The cause of the allergy was specific blood cells

Do you sneeze the whole flowering season of plants or can not look at a neighbor’s cat without tears, because you are allergic? The researchers found out which part of the immune system you should blame for this.

Recall that allergic reactions are associated with an inadequate immune response of the body to usually benign substances (pollen, mold spores, some products). Guilty of this are representatives of the T-cell group. True, not all.

We will explain that T-cells (or T-lymphocytes) are divided into T-killers and T-helpers. The first task is the destruction of the body’s own cells, either infected with viruses or other pathogenic intracellular agents, or those that are damaged or function incorrectly (for example, tumor cells).

In the meantime, T-helpers regulate the reactions of both congenital and acquired immunity, and also determine the type of response that the body will have on a particular foreign material. These cells do not exhibit cytotoxicity (they can not damage cells) and do not participate in the destruction of infected cells or directly pathogens. Instead, they control the immune response, directing other cells to perform the necessary tasks.

T cells are “born” from pluripotent hematopoietic stem cells. In an adult, they form in the bone marrow.

T-helpers were just guilty of the appearance of allergic reactions in humans. In the course of his work, biologist Erik Wambre and immunologist William Kwok used blood samples from patients who are allergic to alder pollen.

We will explain that T-helpers recognize the allergen due to special receptors – protein complexes. In addition to “receiving” receptors, T-helpers also have marker proteins.
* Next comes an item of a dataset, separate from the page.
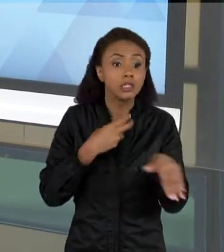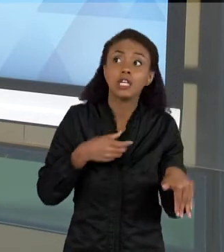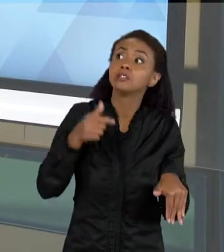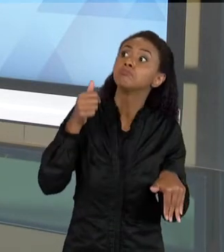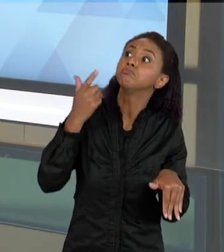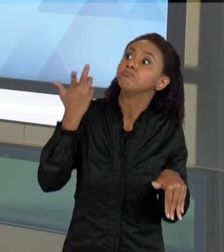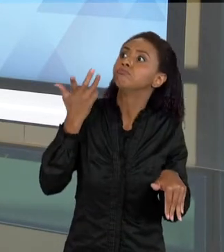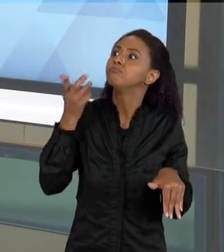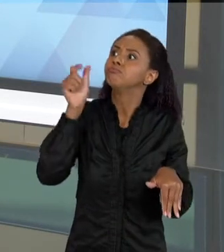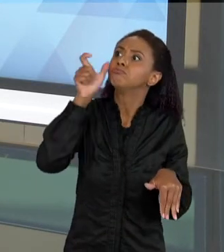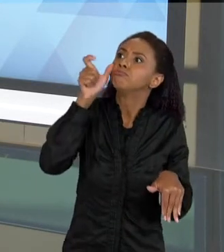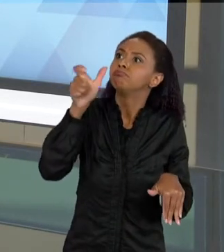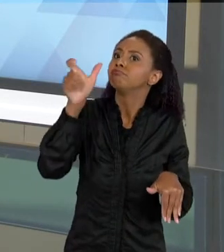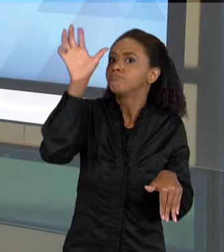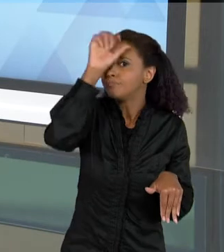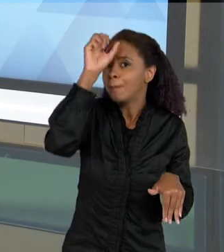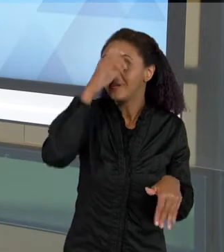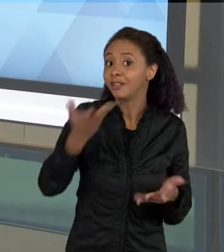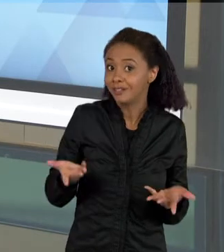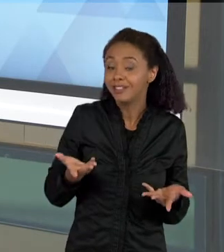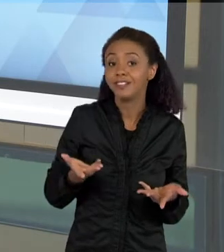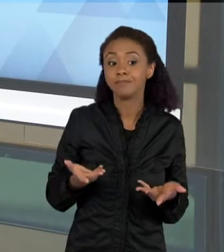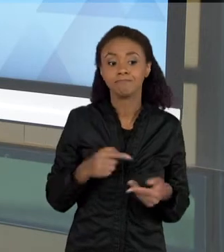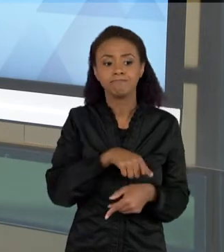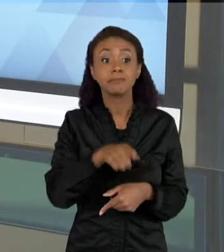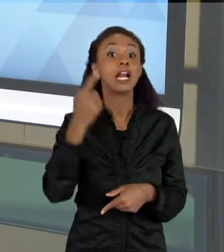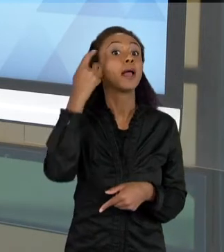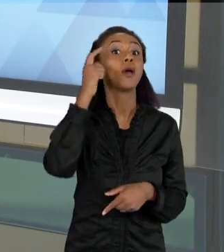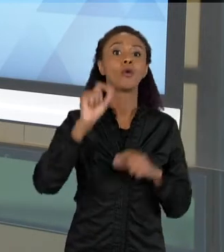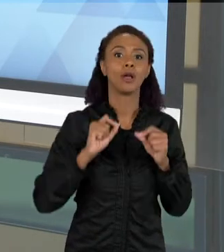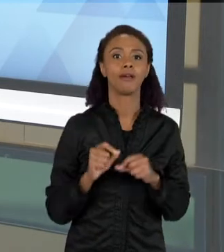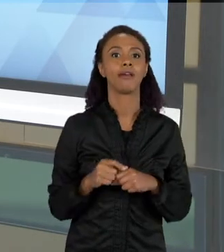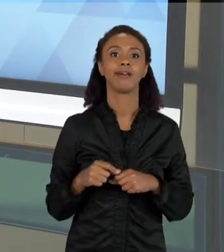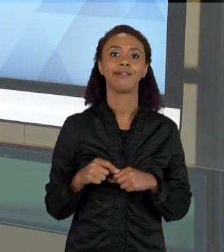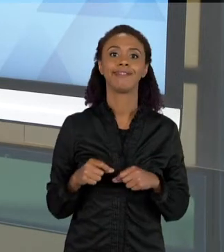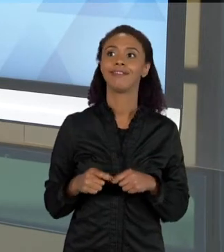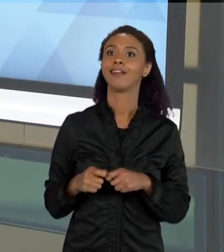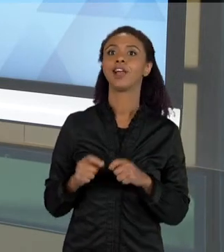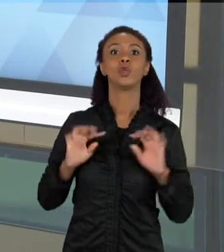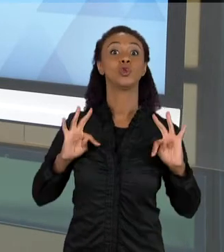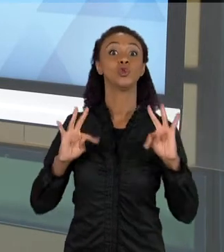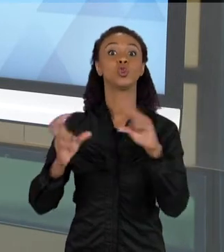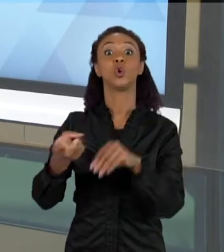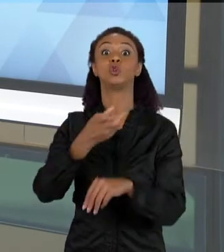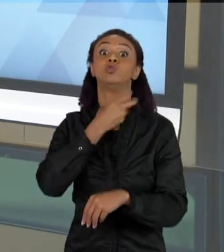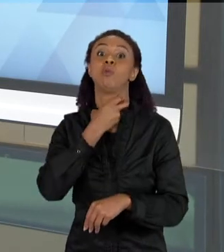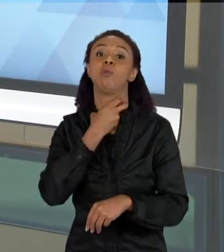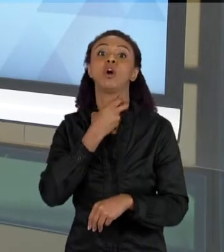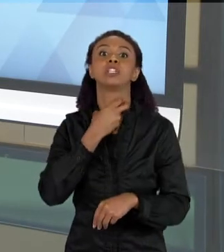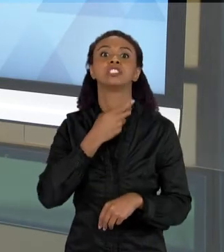APRENDER UM POUCO MAIS SOBRE ELES – ELES TINHAM UMA IDEIA DE QUE TODOS OS MORCEGOS ERAM COMEDORES DE SANGUE, SE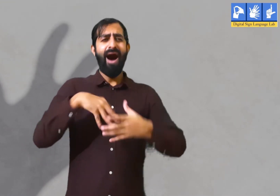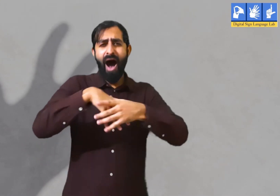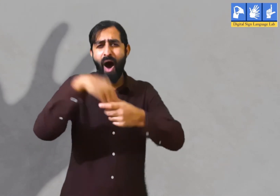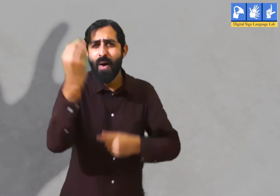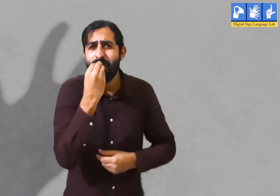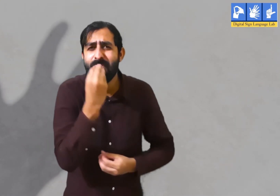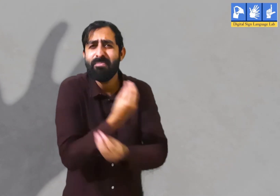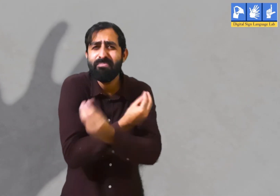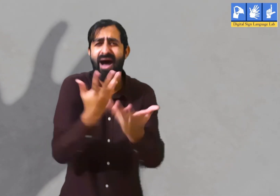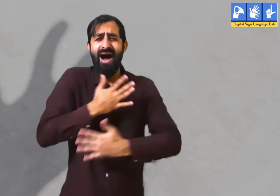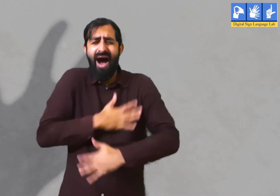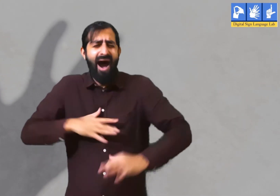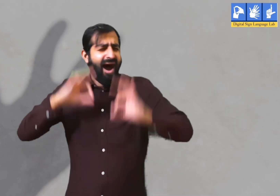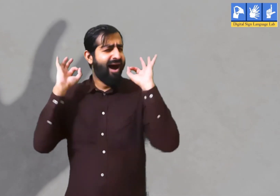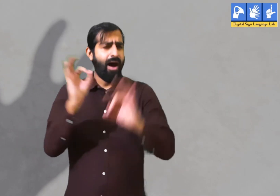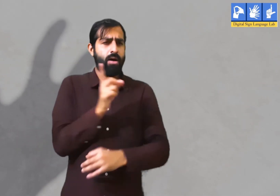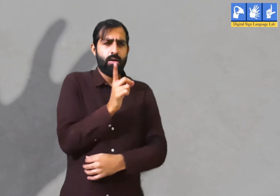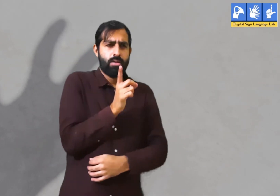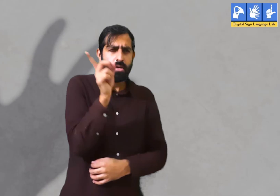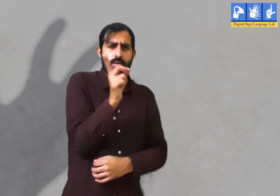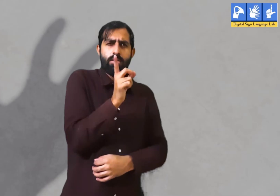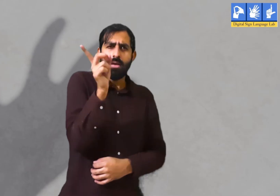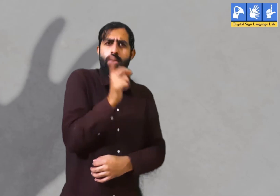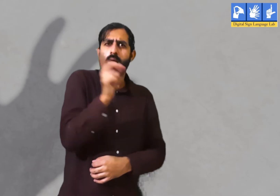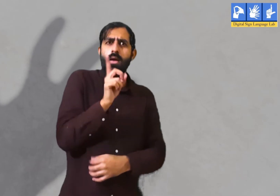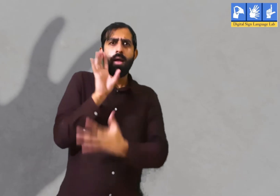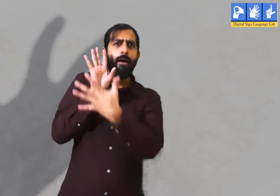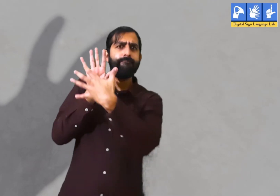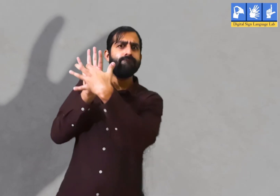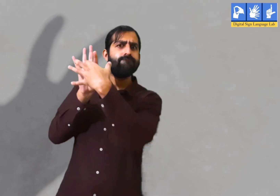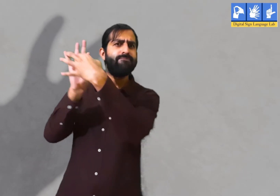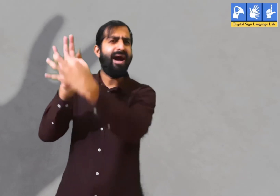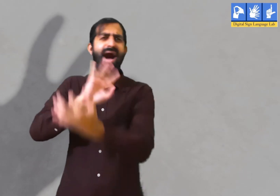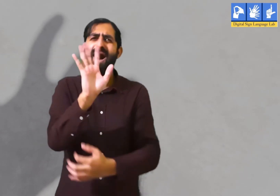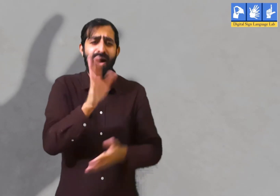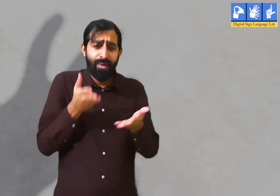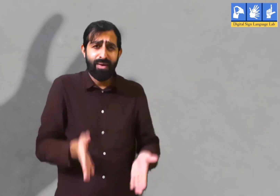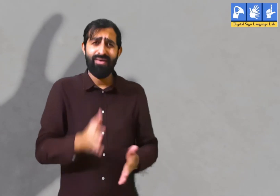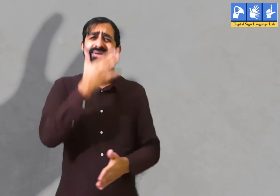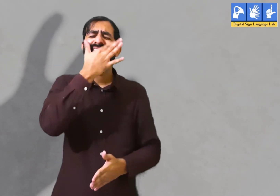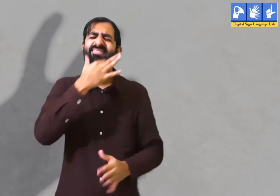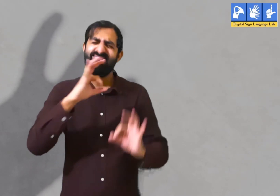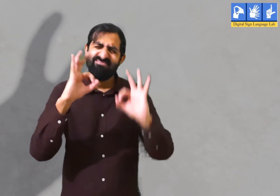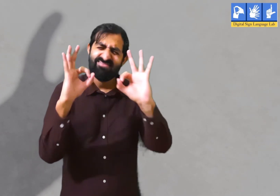क्योंकि वहां पर सबके साथ मनोरंजन होता था पार्टी होती थी । इसलिए वह उसके बारे में ही सोचने लगते हैं। जो नहीं करना चाहिए।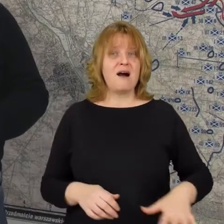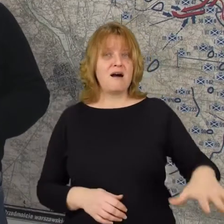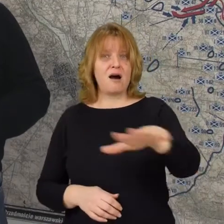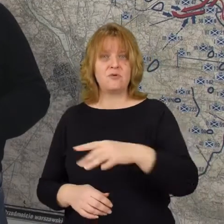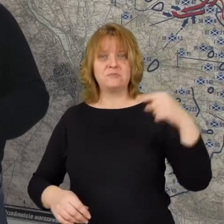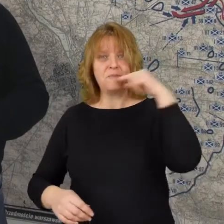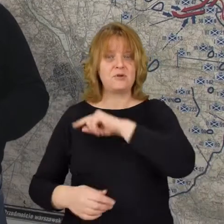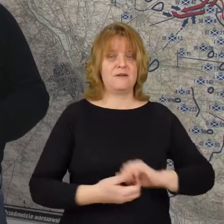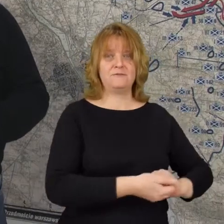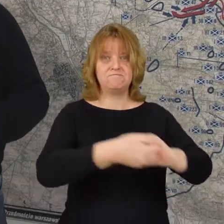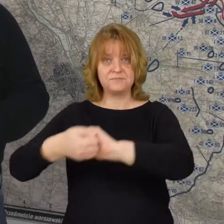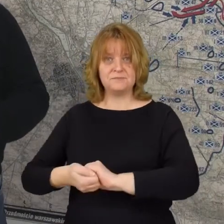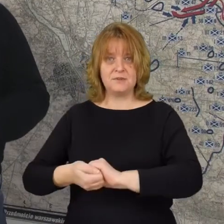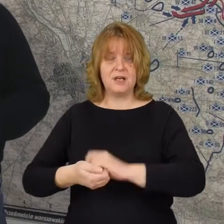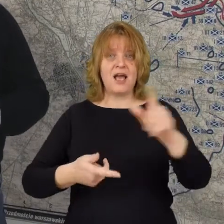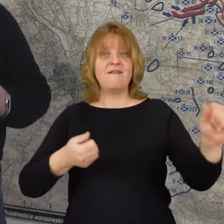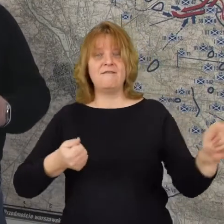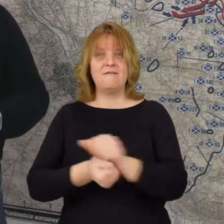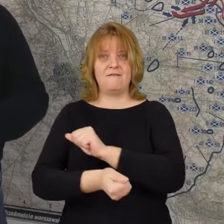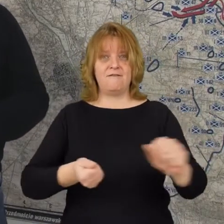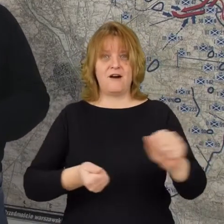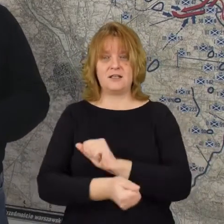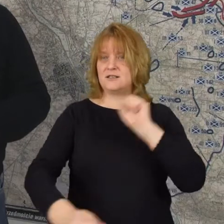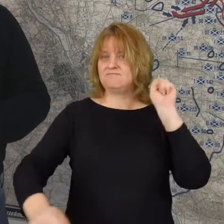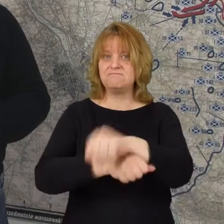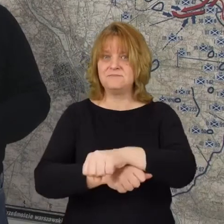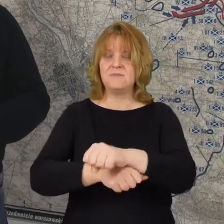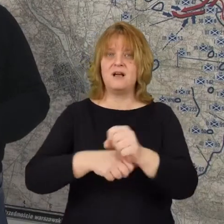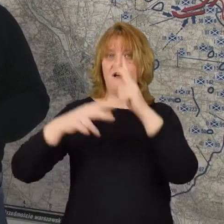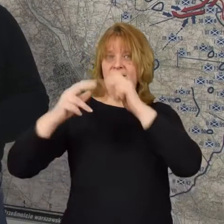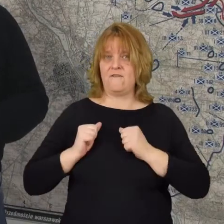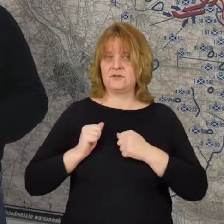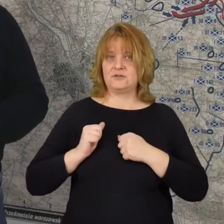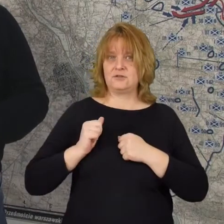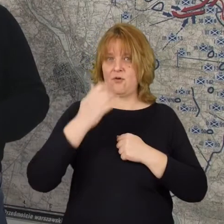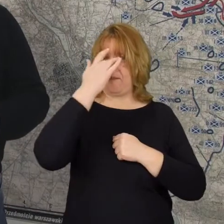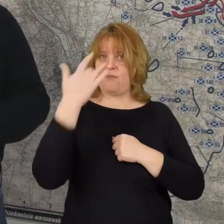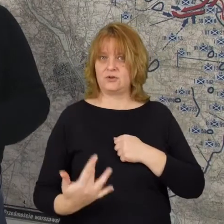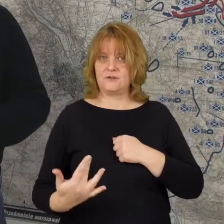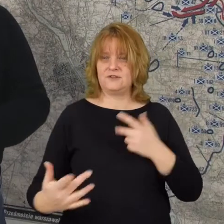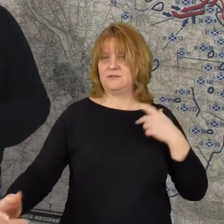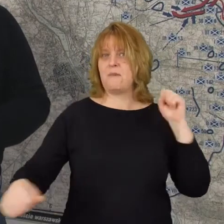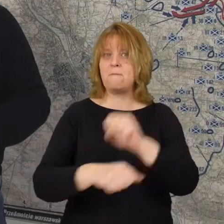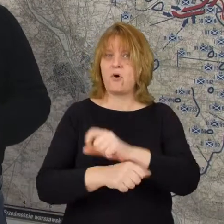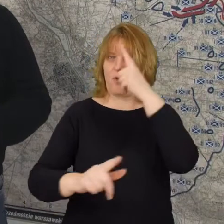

To mark immune cells in the blood samples of patients reacting to alder pollen, the team added fluorescent proteins known as tetramers of MHC II to them. Thanks to this, the researchers found that one group of T-helpers had more copies of two marker proteins and fewer copies of the other four. Although none of the proteins were “exclusive” for cells, their combination provided a signature that the researchers dubbed as TH2A cells.

When the tests were repeated with the participation of patients who were allergic to a variety of pathogens (including plant pollen and house dust), the same cells were found in their blood samples. At the same time they were absent from the blood of people who do not suffer from allergies. Thus, it became clear that it is the cells of the TH2A type that are responsible for the appearance of allergic reactions in humans.

The authors of the study, published in the edition of Science Translational Medicine, are confident that the findings will help develop new ways to combat allergies.

In particular, if we determine which molecular signals transform T cells into TH2A cells, they can be prevented. It is also planned to create special blood tests that will indicate the presence of “allergy biomarkers” (TH2A-cells) in the blood of people.